Patients’ demographic and clinical details are listed in Table 1. The mean age of patients at presentation was 54 years (range, 40–67 years). Nine out of 10 patients were male and one patient was female. Five patients had primary duodenal or proximal jejunal pathology, including jejunal adenocarcinoma (2/5) (Fig. 2), duodenal gastro-intestinal stromal tumor (GIST) (2/5) and lymphoma (1/5). Out of the remaining 5, two had retroperitoneal sarcoma (Fig. 3), one patient carried a mesenteric tumor (GIST), another carcinoma hepatic flexure (Fig. 4) and carcinoma gall bladder was detected in the remaining patient. Chief presenting complaints of the patients having duodenal or jejunal pathology was melena (4/5).
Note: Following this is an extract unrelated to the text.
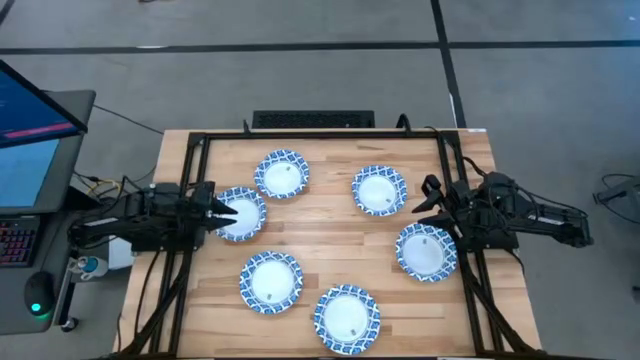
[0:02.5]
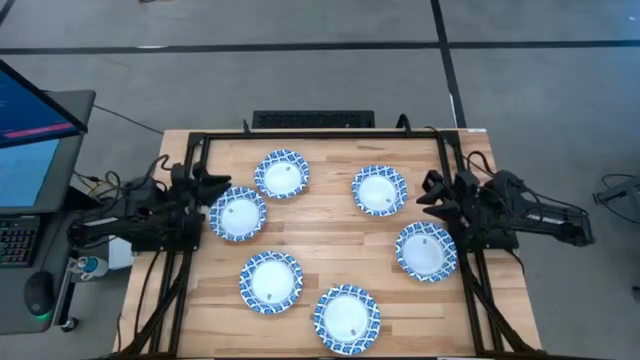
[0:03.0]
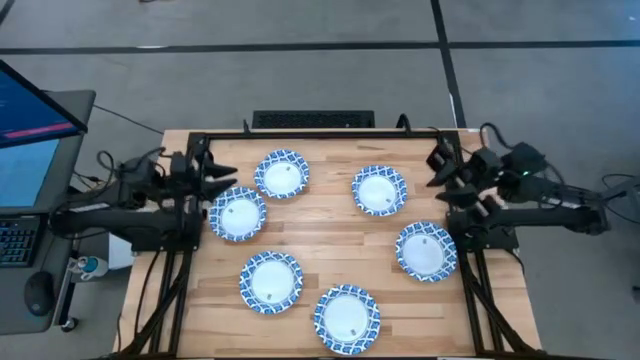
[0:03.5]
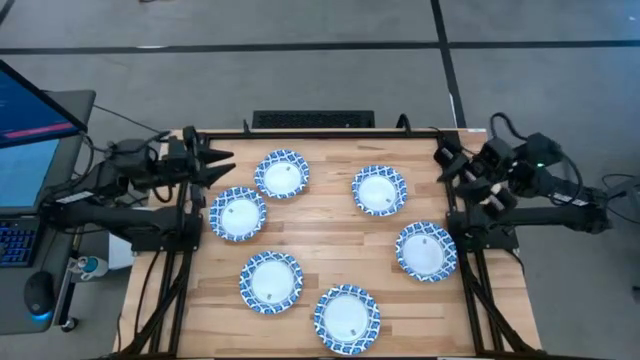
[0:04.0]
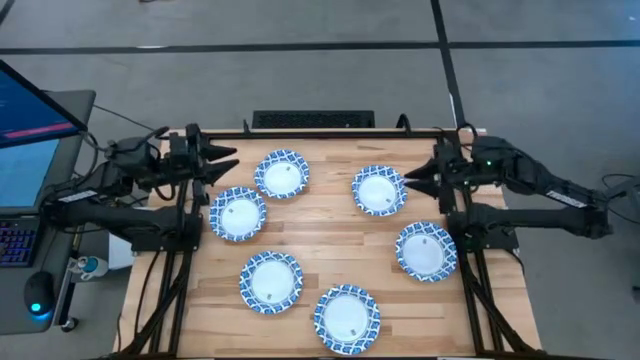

Six patients underwent segmental resection of one or more duodenal segments, while remaining four patients had wedge (sleeve) excision of the lateral part of the duodenum (D2 and D3). Patients carrying other pathologies involving the duodenum underwent surgery based on the primary tumor location as described in Table 1. One patient (case no. 6) had two large recurrent retroperitoneal tumors, which were treated via segmental duodenal resection and excision, segmental transverse colon resection and proximal gastrectomy with colo-colic and esophagogastric anastomosis. One to two drains (passive) were placed in the abdominal cavity of all patients. Feeding jejunostomy was done in seven out of ten patients. Mean operative time was 190 minutes (range, 60–350 minutes) and the mean blood loss was 214 mL (range, 0–500 mL).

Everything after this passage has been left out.